Как красочно он воспринимает природу, каким полным обаяния остается для него окружающее; но как изменился для него этот мир, как трудно доходит до него все, что он воспринимает...
"Я понимаю, что окружающий мир — это все то, что я вижу, слышу, ощущаю, осознаю своей головой. После ранения мне тяжело понимать и осознавать окружающий мир. Помимо того, что я и до сих пор иногда не могу сразу вспомнить из памяти нужное мне слово, когда видишь окружающее, или представляешь в уме (предмет, вещь, явление, растение, зверя, животное, птицу, человека), или, наоборот, слышишь звук, слово, речь, но не сразу можешь вспомнить или понять его".

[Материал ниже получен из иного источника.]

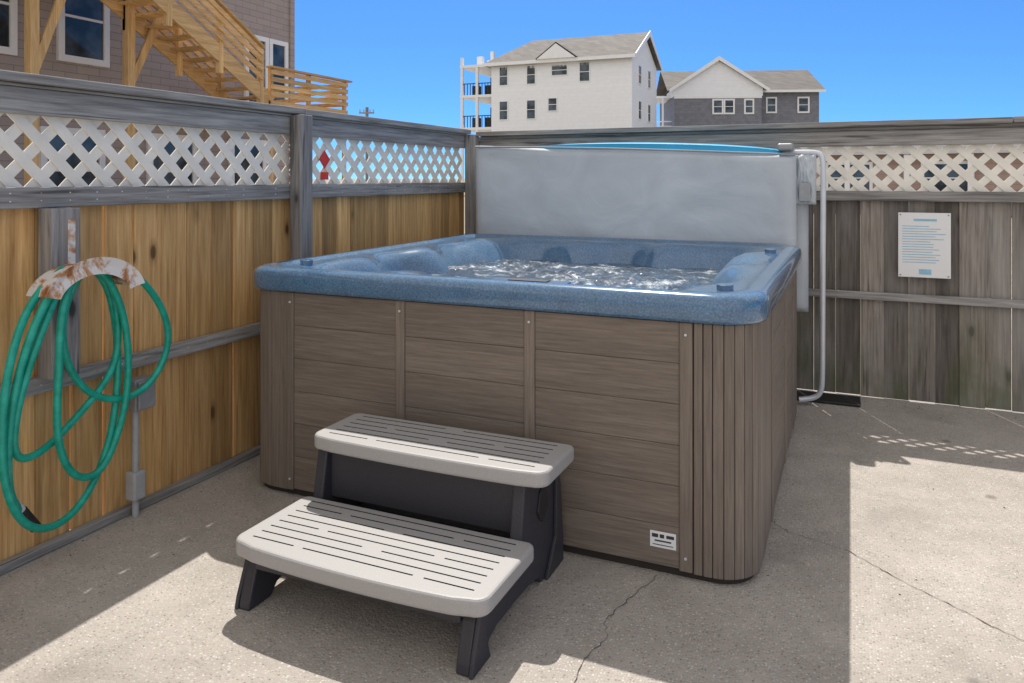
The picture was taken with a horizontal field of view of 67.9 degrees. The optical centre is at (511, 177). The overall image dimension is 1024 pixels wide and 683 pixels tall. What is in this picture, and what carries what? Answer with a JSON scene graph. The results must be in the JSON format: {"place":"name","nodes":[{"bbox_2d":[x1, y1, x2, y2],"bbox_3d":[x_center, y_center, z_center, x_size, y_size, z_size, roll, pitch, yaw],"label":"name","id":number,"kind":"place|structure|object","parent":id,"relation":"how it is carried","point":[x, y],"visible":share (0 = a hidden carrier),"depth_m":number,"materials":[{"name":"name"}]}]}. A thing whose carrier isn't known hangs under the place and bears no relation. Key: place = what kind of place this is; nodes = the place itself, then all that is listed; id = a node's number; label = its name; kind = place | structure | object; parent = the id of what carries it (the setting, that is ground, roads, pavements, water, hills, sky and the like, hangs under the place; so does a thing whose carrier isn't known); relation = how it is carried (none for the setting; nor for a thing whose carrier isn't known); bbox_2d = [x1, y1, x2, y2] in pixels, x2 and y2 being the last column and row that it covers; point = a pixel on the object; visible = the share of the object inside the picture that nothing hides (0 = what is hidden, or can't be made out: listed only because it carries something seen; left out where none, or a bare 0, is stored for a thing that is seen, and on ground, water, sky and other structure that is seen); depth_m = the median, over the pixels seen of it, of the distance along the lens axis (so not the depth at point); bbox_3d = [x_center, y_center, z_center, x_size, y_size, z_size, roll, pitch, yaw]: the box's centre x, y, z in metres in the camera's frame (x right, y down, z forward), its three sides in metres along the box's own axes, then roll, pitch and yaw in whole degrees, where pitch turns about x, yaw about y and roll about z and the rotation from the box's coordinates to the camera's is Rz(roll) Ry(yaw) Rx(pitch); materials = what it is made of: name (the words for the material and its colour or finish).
{"place":"outdoors","nodes":[
{"label":"outdoors","id":0,"kind":"place"},
{"bbox_2d":[0,0,288,186],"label":"walls","id":1,"kind":"structure","parent":0,"point":[267,18],"depth_m":16.66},
{"bbox_2d":[0,0,17,55],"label":"window frame","id":2,"kind":"object","parent":1,"relation":"attached to","point":[12,49],"visible":1,"depth_m":13.83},
{"bbox_2d":[0,0,8,46],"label":"window glass","id":3,"kind":"object","parent":2,"relation":"in","point":[4,25],"visible":1,"depth_m":13.74,"materials":[{"name":"black glass"}]},
{"bbox_2d":[39,126,105,186],"bbox_3d":[-8.629,-0.150,14.952,0.069,1.660,1.360,0,0,24],"label":"window frame","id":4,"kind":"object","parent":1,"relation":"attached to","point":[101,159],"visible":0.24,"depth_m":14.92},
{"bbox_2d":[48,134,97,186],"bbox_3d":[-8.647,-0.150,14.960,0.028,1.400,1.100,0,0,24],"label":"window glass","id":5,"kind":"object","parent":4,"relation":"in","point":[58,143],"depth_m":14.92,"materials":[{"name":"glass"}]},
{"bbox_2d":[56,4,109,67],"bbox_3d":[-8.537,-3.175,15.158,0.069,1.810,1.110,0,0,24],"label":"window frame","id":6,"kind":"object","parent":1,"relation":"attached to","point":[61,55],"visible":0.96,"depth_m":15.13,"materials":[{"name":"white wood"}]},
{"bbox_2d":[65,0,102,59],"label":"window glass","id":7,"kind":"object","parent":6,"relation":"in","point":[83,38],"visible":1,"depth_m":15.18,"materials":[{"name":"blue glass"}]},
{"bbox_2d":[146,133,197,184],"bbox_3d":[-7.653,-0.150,17.145,0.069,1.660,1.360,0,0,24],"label":"window frame","id":8,"kind":"object","parent":1,"relation":"attached to","point":[194,151],"visible":0.09,"depth_m":17.33,"materials":[{"name":"white"}]},
{"bbox_2d":[153,139,191,185],"bbox_3d":[-7.670,-0.150,17.153,0.028,1.400,1.100,0,0,24],"label":"window glass","id":9,"kind":"object","parent":8,"relation":"in","point":[181,162],"depth_m":17.09,"materials":[{"name":"glass"}]},
{"bbox_2d":[229,138,266,184],"bbox_3d":[-6.697,-0.150,19.292,0.069,1.660,1.260,0,0,24],"label":"window frame","id":10,"kind":"object","parent":1,"relation":"attached to","point":[264,162],"visible":0.17,"depth_m":19.19,"materials":[{"name":"white"}]},
{"bbox_2d":[235,145,261,183],"bbox_3d":[-6.715,-0.150,19.300,0.028,1.400,1.000,0,0,24],"label":"window glass","id":11,"kind":"object","parent":10,"relation":"in","point":[245,164],"depth_m":19.29,"materials":[{"name":"glass"}]},
{"bbox_2d":[244,35,268,100],"bbox_3d":[-6.575,-2.625,19.566,0.069,2.090,0.840,0,0,24],"label":"door frame","id":12,"kind":"object","parent":1,"relation":"attached to","point":[266,41],"visible":0.27,"depth_m":19.83,"materials":[{"name":"white wood"}]},
{"bbox_2d":[249,41,264,100],"bbox_3d":[-6.593,-2.625,19.574,0.028,1.850,0.600,0,0,24],"label":"door glass","id":13,"kind":"object","parent":12,"relation":"in","point":[252,74],"visible":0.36,"depth_m":19.54,"materials":[{"name":"blue glass"}]},
{"bbox_2d":[269,38,287,99],"bbox_3d":[-6.245,-2.625,20.306,0.069,2.090,0.720,0,0,24],"label":"door frame","id":14,"kind":"object","parent":1,"relation":"attached to","point":[277,42],"visible":0.43,"depth_m":20.37,"materials":[{"name":"white wood"}]},
{"bbox_2d":[273,44,283,99],"bbox_3d":[-6.263,-2.625,20.314,0.028,1.850,0.480,0,0,24],"label":"door glass","id":15,"kind":"object","parent":14,"relation":"in","point":[278,55],"visible":0.36,"depth_m":20.32,"materials":[{"name":"blue glass"}]},
{"bbox_2d":[289,0,294,181],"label":"corner trim","id":16,"kind":"structure","parent":1,"relation":"attached to","point":[291,34],"depth_m":20.77,"materials":[{"name":"white wood"}]},
{"bbox_2d":[24,0,351,185],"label":"wooden staircase","id":17,"kind":"structure","parent":0,"point":[178,22],"depth_m":14.52,"materials":[{"name":"brown wood"}]},
{"bbox_2d":[472,85,489,126],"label":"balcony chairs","id":18,"kind":"object","parent":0,"point":[487,119],"visible":0.32,"depth_m":66.30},
{"bbox_2d":[0,388,1023,682],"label":"concrete patio","id":19,"kind":"structure","parent":0,"point":[928,496],"depth_m":2.60,"materials":[{"name":"grey concrete"}]},
{"bbox_2d":[0,70,478,574],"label":"wooden fence","id":20,"kind":"object","parent":19,"relation":"on","point":[200,250],"visible":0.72,"depth_m":3.52,"materials":[{"name":"brown wood"}]},
{"bbox_2d":[26,219,144,298],"bbox_3d":[-1.633,0.300,2.905,0.152,0.279,0.415,0,0,24],"label":"hose hanger","id":21,"kind":"object","parent":20,"relation":"attached to","point":[57,284],"visible":0.98,"depth_m":2.87,"materials":[{"name":"white metal"}]},
{"bbox_2d":[0,266,170,532],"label":"garden hose","id":22,"kind":"object","parent":21,"relation":"hanging from","point":[11,407],"visible":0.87,"depth_m":2.81,"materials":[{"name":"green plastic"}]},
{"bbox_2d":[125,375,155,516],"bbox_3d":[-1.597,1.155,3.272,0.079,0.590,0.100,0,0,24],"label":"electrical outlet box","id":23,"kind":"object","parent":20,"relation":"attached to","point":[135,484],"visible":0.91,"depth_m":3.25,"materials":[{"name":"grey paint"}]},
{"bbox_2d":[319,150,329,179],"bbox_3d":[-1.119,-0.077,4.537,0.004,0.175,0.100,0,0,24],"label":"warning sign","id":24,"kind":"object","parent":20,"relation":"attached to","point":[324,159],"visible":1,"depth_m":4.53,"materials":[{"name":"red"}]},
{"bbox_2d":[235,413,573,679],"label":"spa steps","id":25,"kind":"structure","parent":19,"relation":"on","point":[337,531],"depth_m":2.63,"materials":[{"name":"grey plastic"}]},
{"bbox_2d":[253,234,801,583],"bbox_3d":[0.272,0.929,4.175,2.360,1.042,2.390,0,0,24],"label":"hot tub","id":26,"kind":"object","parent":19,"relation":"on","point":[652,383],"visible":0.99,"depth_m":3.02,"materials":[{"name":"blue plastic"}]},
{"bbox_2d":[574,575,655,681],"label":"pavement crack","id":27,"kind":"object","parent":19,"relation":"on","point":[605,625],"visible":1,"depth_m":2.46,"materials":[{"name":"grey concrete"}]},
{"bbox_2d":[476,116,1023,411],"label":"wooden fence","id":28,"kind":"object","parent":19,"relation":"on","point":[890,333],"visible":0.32,"depth_m":4.93,"materials":[{"name":"wood"}]},
{"bbox_2d":[898,212,950,278],"bbox_3d":[2.627,0.428,4.843,0.296,0.413,0.010,0,0,24],"label":"notice sign","id":29,"kind":"object","parent":28,"relation":"attached to","point":[924,245],"visible":1,"depth_m":4.84,"materials":[{"name":"white paint"}]},
{"bbox_2d":[777,143,860,406],"bbox_3d":[1.987,0.613,4.917,0.490,1.670,0.340,0,0,24],"label":"cover lifter","id":30,"kind":"object","parent":19,"relation":"on","point":[819,396],"visible":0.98,"depth_m":4.81,"materials":[{"name":"grey paint"}]},
{"bbox_2d":[475,142,815,311],"bbox_3d":[0.856,0.308,5.364,2.400,1.124,0.266,0,0,24],"label":"hot tub cover","id":31,"kind":"object","parent":30,"relation":"attached to","point":[688,191],"visible":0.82,"depth_m":5.20,"materials":[{"name":"grey plastic"}]},
{"bbox_2d":[774,523,1020,639],"bbox_3d":[1.452,1.448,2.667,0.070,0.001,1.254,0,0,-33],"label":"pavement crack","id":32,"kind":"object","parent":19,"relation":"on","point":[917,588],"visible":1,"depth_m":2.64,"materials":[{"name":"grey concrete"}]},
{"bbox_2d":[34,402,1004,619],"bbox_3d":[1.195,1.447,2.454,5.799,0.004,5.448,0,0,24],"label":"debris","id":33,"kind":"object","parent":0,"point":[510,615],"visible":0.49,"depth_m":3.28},
{"bbox_2d":[69,179,1011,529],"bbox_3d":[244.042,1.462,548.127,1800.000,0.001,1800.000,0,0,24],"label":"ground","id":34,"kind":"structure","parent":0,"point":[1011,289],"depth_m":14.71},
{"bbox_2d":[359,107,373,181],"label":"utility pole","id":35,"kind":"object","parent":34,"relation":"on","point":[367,112],"visible":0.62,"depth_m":79.88,"materials":[{"name":"grey paint"}]},
{"bbox_2d":[461,58,478,181],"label":"balcony posts","id":36,"kind":"object","parent":34,"relation":"on","point":[462,107],"visible":0.32,"depth_m":66.08,"materials":[{"name":"white wood"}]},
{"bbox_2d":[477,51,494,64],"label":"rooftop vents","id":37,"kind":"object","parent":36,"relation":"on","point":[480,59],"visible":0.38,"depth_m":68.44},
{"bbox_2d":[491,57,656,130],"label":"walls","id":38,"kind":"structure","parent":34,"relation":"on","point":[609,95],"depth_m":62.16,"materials":[{"name":"white paint"}]},
{"bbox_2d":[460,64,490,131],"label":"balcony slabs","id":39,"kind":"structure","parent":38,"relation":"attached to","point":[485,98],"depth_m":66.30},
{"bbox_2d":[463,82,490,127],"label":"balcony rails","id":40,"kind":"object","parent":39,"relation":"on","point":[473,94],"visible":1,"depth_m":65.72,"materials":[{"name":"black metal"}]},
{"bbox_2d":[499,101,507,119],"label":"window frame","id":41,"kind":"object","parent":38,"relation":"attached to","point":[503,110],"visible":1,"depth_m":64.24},
{"bbox_2d":[500,102,506,119],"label":"window glass","id":42,"kind":"object","parent":41,"relation":"in","point":[503,106],"visible":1,"depth_m":64.29,"materials":[{"name":"grey glass"}]},
{"bbox_2d":[499,66,507,85],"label":"window frame","id":43,"kind":"object","parent":38,"relation":"attached to","point":[503,76],"visible":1,"depth_m":64.25,"materials":[{"name":"white"}]},
{"bbox_2d":[500,67,506,84],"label":"window glass","id":44,"kind":"object","parent":43,"relation":"in","point":[503,80],"visible":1,"depth_m":64.29,"materials":[{"name":"grey glass"}]},
{"bbox_2d":[526,65,535,84],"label":"window frame","id":45,"kind":"object","parent":38,"relation":"attached to","point":[530,74],"visible":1,"depth_m":63.27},
{"bbox_2d":[527,66,534,83],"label":"window glass","id":46,"kind":"object","parent":45,"relation":"in","point":[531,78],"visible":1,"depth_m":63.33,"materials":[{"name":"grey glass"}]},
{"bbox_2d":[526,99,535,119],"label":"window frame","id":47,"kind":"object","parent":38,"relation":"attached to","point":[531,109],"visible":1,"depth_m":63.28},
{"bbox_2d":[527,100,534,118],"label":"window glass","id":48,"kind":"object","parent":47,"relation":"in","point":[530,113],"visible":1,"depth_m":63.33,"materials":[{"name":"grey glass"}]},
{"bbox_2d":[548,97,556,111],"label":"window frame","id":49,"kind":"object","parent":38,"relation":"attached to","point":[552,104],"visible":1,"depth_m":62.51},
{"bbox_2d":[549,98,555,110],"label":"window glass","id":50,"kind":"object","parent":49,"relation":"in","point":[552,101],"visible":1,"depth_m":62.57,"materials":[{"name":"grey glass"}]},
{"bbox_2d":[537,43,574,59],"bbox_3d":[4.084,-10.330,62.917,3.300,1.200,2.830,0,0,23],"label":"dormer","id":51,"kind":"object","parent":38,"relation":"on","point":[555,51],"visible":0.55,"depth_m":61.62,"materials":[{"name":"white paint"}]},
{"bbox_2d":[536,42,577,59],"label":"dormer roof","id":52,"kind":"structure","parent":38,"relation":"on","point":[568,49],"depth_m":62.16,"materials":[{"name":"grey"}]},
{"bbox_2d":[483,53,635,70],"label":"fascia","id":53,"kind":"structure","parent":38,"relation":"attached to","point":[516,66],"depth_m":61.86,"materials":[{"name":"white wood"}]},
{"bbox_2d":[551,64,567,75],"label":"window frame","id":54,"kind":"object","parent":38,"relation":"attached to","point":[556,70],"visible":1,"depth_m":62.29,"materials":[{"name":"white wood"}]},
{"bbox_2d":[552,65,566,74],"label":"window glass","id":55,"kind":"object","parent":54,"relation":"in","point":[560,70],"visible":1,"depth_m":62.33,"materials":[{"name":"grey glass"}]},
{"bbox_2d":[485,32,661,70],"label":"roof","id":56,"kind":"structure","parent":38,"relation":"on","point":[628,43],"depth_m":64.19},
{"bbox_2d":[635,31,662,72],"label":"rake trim","id":57,"kind":"structure","parent":56,"relation":"attached to","point":[649,34],"depth_m":63.92,"materials":[{"name":"white wood"}]},
{"bbox_2d":[579,61,589,81],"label":"window frame","id":58,"kind":"object","parent":38,"relation":"attached to","point":[584,71],"visible":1,"depth_m":61.44,"materials":[{"name":"white wood"}]},
{"bbox_2d":[580,62,588,80],"bbox_3d":[5.875,-8.600,61.504,0.800,1.500,0.028,0,0,23],"label":"window glass","id":59,"kind":"object","parent":58,"relation":"in","point":[584,76],"visible":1,"depth_m":61.49,"materials":[{"name":"grey glass"}]},
{"bbox_2d":[638,64,641,84],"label":"side window frame","id":60,"kind":"object","parent":38,"relation":"attached to","point":[639,74],"visible":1,"depth_m":62.20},
{"bbox_2d":[639,66,640,82],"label":"side window glass","id":61,"kind":"object","parent":60,"relation":"attached to","point":[640,74],"visible":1,"depth_m":62.18,"materials":[{"name":"grey glass"}]},
{"bbox_2d":[638,100,641,119],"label":"side window frame","id":62,"kind":"object","parent":38,"relation":"attached to","point":[640,110],"visible":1,"depth_m":62.33,"materials":[{"name":"white plastic"}]},
{"bbox_2d":[639,102,640,118],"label":"side window glass","id":63,"kind":"object","parent":62,"relation":"attached to","point":[639,110],"visible":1,"depth_m":62.18,"materials":[{"name":"grey glass"}]},
{"bbox_2d":[636,42,655,68],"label":"gable wall","id":64,"kind":"structure","parent":38,"relation":"on","point":[644,54],"depth_m":64.63,"materials":[{"name":"white paint"}]},
{"bbox_2d":[647,70,650,88],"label":"side window frame","id":65,"kind":"object","parent":38,"relation":"attached to","point":[648,79],"visible":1,"depth_m":65.16,"materials":[{"name":"white"}]},
{"bbox_2d":[648,71,649,87],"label":"side window glass","id":66,"kind":"object","parent":65,"relation":"attached to","point":[649,79],"visible":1,"depth_m":65.54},
{"bbox_2d":[647,104,650,122],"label":"side window frame","id":67,"kind":"object","parent":38,"relation":"attached to","point":[648,113],"visible":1,"depth_m":65.25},
{"bbox_2d":[648,105,649,121],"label":"side window glass","id":68,"kind":"object","parent":67,"relation":"attached to","point":[649,112],"visible":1,"depth_m":65.54,"materials":[{"name":"grey glass"}]},
{"bbox_2d":[657,96,670,102],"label":"porch slabs","id":69,"kind":"structure","parent":34,"relation":"on","point":[666,99],"depth_m":70.29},
{"bbox_2d":[672,97,761,125],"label":"gable block","id":70,"kind":"structure","parent":34,"relation":"on","point":[692,112],"depth_m":68.26,"materials":[{"name":"grey"}]},
{"bbox_2d":[667,61,762,100],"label":"white gable","id":71,"kind":"structure","parent":70,"relation":"on","point":[718,78],"depth_m":68.14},
{"bbox_2d":[712,99,722,113],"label":"window frame","id":72,"kind":"object","parent":70,"relation":"attached to","point":[713,100],"visible":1,"depth_m":68.14,"materials":[{"name":"white wood"}]},
{"bbox_2d":[714,100,721,112],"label":"window glass","id":73,"kind":"object","parent":72,"relation":"in","point":[717,103],"visible":1,"depth_m":68.16,"materials":[{"name":"grey glass"}]},
{"bbox_2d":[724,99,734,113],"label":"window frame","id":74,"kind":"object","parent":70,"relation":"attached to","point":[733,106],"visible":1,"depth_m":68.05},
{"bbox_2d":[725,100,732,112],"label":"window glass","id":75,"kind":"object","parent":74,"relation":"in","point":[728,103],"visible":1,"depth_m":68.09,"materials":[{"name":"grey glass"}]},
{"bbox_2d":[744,99,753,113],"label":"window frame","id":76,"kind":"object","parent":70,"relation":"attached to","point":[745,106],"visible":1,"depth_m":67.95,"materials":[{"name":"white wood"}]},
{"bbox_2d":[746,100,752,112],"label":"window glass","id":77,"kind":"object","parent":76,"relation":"in","point":[749,103],"visible":1,"depth_m":67.97,"materials":[{"name":"grey glass"}]},
{"bbox_2d":[674,89,825,98],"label":"eave trim","id":78,"kind":"structure","parent":70,"relation":"on","point":[758,96],"depth_m":68.36,"materials":[{"name":"white wood"}]},
{"bbox_2d":[660,92,818,126],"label":"walls","id":79,"kind":"structure","parent":34,"relation":"on","point":[786,107],"depth_m":69.25,"materials":[{"name":"grey"}]},
{"bbox_2d":[664,60,765,94],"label":"gable roof","id":80,"kind":"structure","parent":79,"relation":"on","point":[733,69],"depth_m":68.74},
{"bbox_2d":[669,56,769,91],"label":"gable rake","id":81,"kind":"object","parent":80,"relation":"attached to","point":[724,61],"visible":1,"depth_m":67.71,"materials":[{"name":"white wood"}]},
{"bbox_2d":[657,70,824,95],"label":"roof","id":82,"kind":"structure","parent":79,"relation":"on","point":[786,80],"depth_m":71.92,"materials":[{"name":"grey"}]},
{"bbox_2d":[766,97,776,112],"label":"window frame","id":83,"kind":"object","parent":79,"relation":"attached to","point":[767,104],"visible":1,"depth_m":69.26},
{"bbox_2d":[768,98,774,111],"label":"window glass","id":84,"kind":"object","parent":83,"relation":"in","point":[771,104],"visible":1,"depth_m":69.30,"materials":[{"name":"grey glass"}]},
{"bbox_2d":[797,97,809,112],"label":"window frame","id":85,"kind":"object","parent":79,"relation":"attached to","point":[798,111],"visible":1,"depth_m":69.06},
{"bbox_2d":[799,98,807,110],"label":"window glass","id":86,"kind":"object","parent":85,"relation":"in","point":[803,104],"visible":1,"depth_m":69.10,"materials":[{"name":"grey glass"}]},
{"bbox_2d":[844,154,973,190],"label":"porch posts","id":87,"kind":"object","parent":34,"relation":"on","point":[847,182],"visible":0.21,"depth_m":30.47,"materials":[{"name":"white wood"}]},
{"bbox_2d":[295,0,1023,178],"label":"sky","id":88,"kind":"structure","parent":0,"point":[874,60],"materials":[{"name":"blue"}]},
{"bbox_2d":[662,98,663,126],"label":"porch posts","id":89,"kind":"object","parent":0,"point":[662,112],"visible":0.18,"depth_m":70.03,"materials":[{"name":"white wood"}]},
{"bbox_2d":[816,153,1023,215],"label":"walls","id":90,"kind":"structure","parent":0,"point":[990,164],"depth_m":29.92,"materials":[{"name":"beige wood"}]},
{"bbox_2d":[826,162,872,190],"bbox_3d":[14.151,0.000,31.947,1.840,1.340,0.069,0,0,32],"label":"window frame","id":91,"kind":"object","parent":90,"relation":"attached to","point":[870,164],"visible":0.17,"depth_m":31.55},
{"bbox_2d":[828,165,868,189],"bbox_3d":[14.161,0.000,31.964,1.600,1.100,0.028,0,0,32],"label":"window glass","id":92,"kind":"object","parent":91,"relation":"in","point":[858,173],"visible":0.29,"depth_m":31.87,"materials":[{"name":"glass"}]},
{"bbox_2d":[800,144,1023,155],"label":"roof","id":93,"kind":"structure","parent":90,"relation":"on","point":[927,151],"depth_m":31.53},
{"bbox_2d":[921,161,974,186],"bbox_3d":[17.204,0.000,30.040,1.840,1.340,0.069,0,0,32],"label":"window frame","id":94,"kind":"object","parent":90,"relation":"attached to","point":[943,162],"visible":0.01,"depth_m":30.06,"materials":[{"name":"white"}]},
{"bbox_2d":[924,164,967,190],"bbox_3d":[17.214,0.000,30.056,1.600,1.100,0.028,0,0,32],"label":"window glass","id":95,"kind":"object","parent":94,"relation":"in","point":[940,185],"depth_m":30.08,"materials":[{"name":"glass"}]}
]}

Что же это такое? Почему все стало таким другим? Почему он вдруг оказался в мире, расщепленном на тысячи кусков? Почему его мысли не могут собраться в одно целое?
Наша встреча
Я встретился с моим героем в конце мая 1943 года, почти через три месяца после ранения; встретился, чтобы не прерывать с ним связи и внимательно следить за его жизнью двадцать шесть лет, из года в год, иногда с перерывами, иногда неделя за неделей.
Так началась наша дружба, так я стал свидетелем длительных и мучительных лет его настойчивой, упорной борьбы со своим поврежденным мозгом, борьбы за то, чтобы, оставшись в живых, вернуться к жизни.
"В мой кабинет в восстановительном госпитале вошел молодой человек, почти мальчик, с растерянной улыбкой, он глядел на меня, как-то неловко наклонив голову, так, чтобы лучше меня видеть: позже я узнал, что правая сторона зрения выпала у него и чтобы рассмотреть что-то, он должен был повернуться, используя сохранную у него левую половину.
Я спросил его, как он живет, он помолчал и робко сказал: "Ничего". Я спросил его, когда он был ранен, и этот вопрос, по-видимому, поставил его в тупик: "...вот ...ну вот ...как это... уже сколько... наверное, два... или три...". Откуда он родом? "Ну вот... дома... я вот хочу написать... и никак...". Кто у него там? "...вот ...мама ...и еще ...ну как их обеих звать?..".
Он явно сразу не схватывал смысл моего вопроса и слова не приходили ему сразу в голову; каждый ответ вызывал у него мучительные поиски.
"Попробуйте прочитать эту страничку!" — "...Нет, что это?.. не знаю... я не понимаю что это... Нет... какое это?". Он пытался рассматривать листок, ставя его боком перед левым глазом, переводил его в стороны, удивленно разглядывая слова и буквы: "Нет... не могу!..". "Ну, тогда напишите свое имя, откуда вы?". И снова мучительные попытки: рука как-то неловко берет карандаш, сначала не тем концом, потом карандаш начинает искать бумагу, снова безуспешные попытки — но буквы не получаются — он растерян — он ничего не может написать! Он действительно стал неграмотным. "Ну, попробуйте посчитать, что-нибудь простое, например, сложите семь и шесть!.." — "Семь... шесть... как же это... семь... нет, я не могу.., нет, я совсем не знаю...". "Ну, посмотрите на привале", — "...вот ...что же ...сидит ...и этот ...а здесь как-то... что же это? И вот этот... не знаю... наверное здесь что-то... ну как же это?!...". "А теперь поднимите вашу правую руку!" — "Правая... правая... левая... нет, я не знаю... Где же правая рука?!.. Что такое правый... или левый... Нет... Нет... У меня ничего не выходит...".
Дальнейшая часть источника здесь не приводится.